Hi, and welcome! I am Brad Wiggins, managing member of Securities Law USA. I am an attorney  licensed in the District of Columbia and California. I organized Securities Law USA in 2009 to focus primarily on providing cross-border U.S. securities law services to Canadian lawyers and their clients.

Since then, our focus has both narrowed and widened—narrowed to focus exclusively, not primarily, on working with Canadians, and widened to add cross border capital markets services for Canadian companies, including OTCQX and OTCQB sponsorship and DTC eligibility.

Interestingly, our interaction with Canadian lawyers and their clients started at the very beginning of my career, when I was a staff attorney in the SEC’s Division of Corporation Finance in Washington, DC. The Corp Fin office where I worked was responsible for reviewing a large number of Form 20-Fs filed each year by Canadian mining companies, in addition to a variety of other filings by companies in other industries.

After four years at the SEC, during which I also earned an LL.M. degree in Securities Regulation from Georgetown University Law Center by attending classes at night, I spent my first year in private practice in the Los Angeles office of a national law firm, where I also received valuable training.

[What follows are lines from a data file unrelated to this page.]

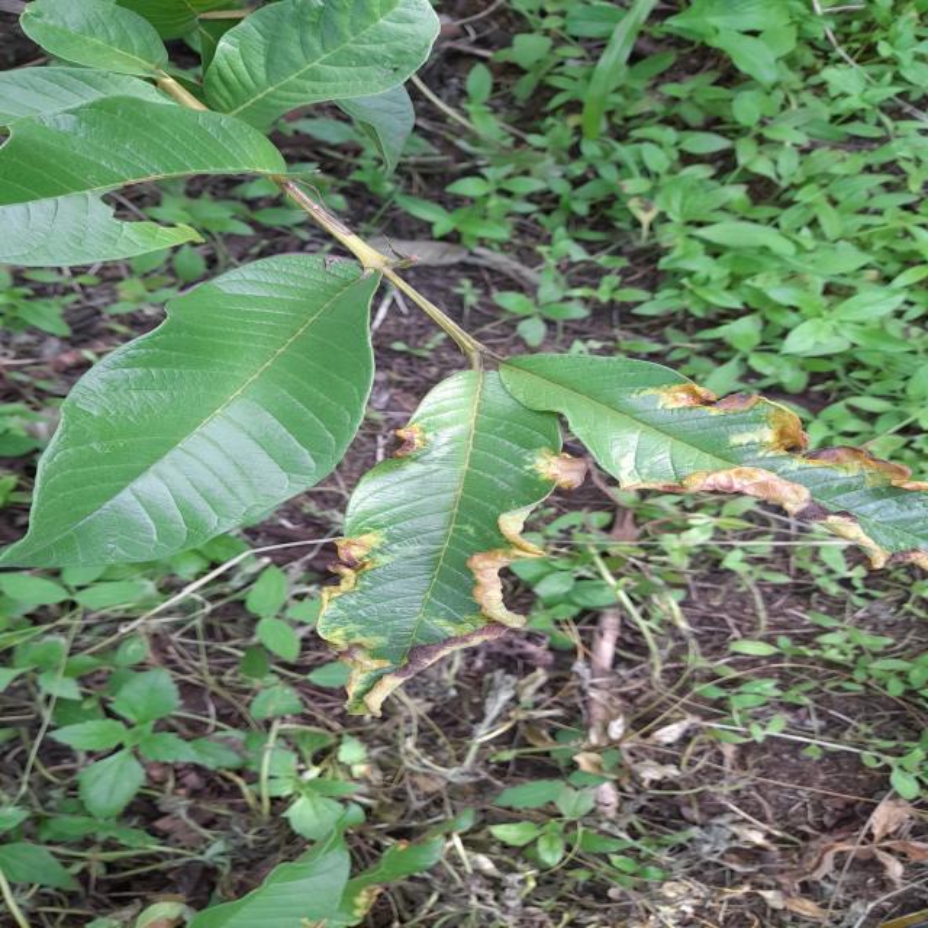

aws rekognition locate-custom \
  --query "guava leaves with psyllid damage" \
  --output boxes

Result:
[500,325,928,592]
[323,352,571,730]

Then I joined a boutique corporate law firm in Los Angeles, where I had the unexpected good fortune of beginning to develop expertise in cross-border securities law and of establishing key relationships with Canadian lawyers and contacts at Canadian investment banks and merchant banks. I was made a partner of the firm and founded the firm’s cross-border practice group. I diligently grew the practice by making many trips to Vancouver, Toronto and elsewhere in Canada to network with Canadian lawyers and other contacts.

It has been a long, sometimes grueling, but ultimately very satisfying road to get to where we are today. At Securities Law USA we continue to seek to develop and maintain positive working relationships with what has become a whole host of respected colleagues at Canadian law firms and management companies. It is a blessing to know and work with so many of you. Thank you for the opportunity to team up with you in serving your respective clients.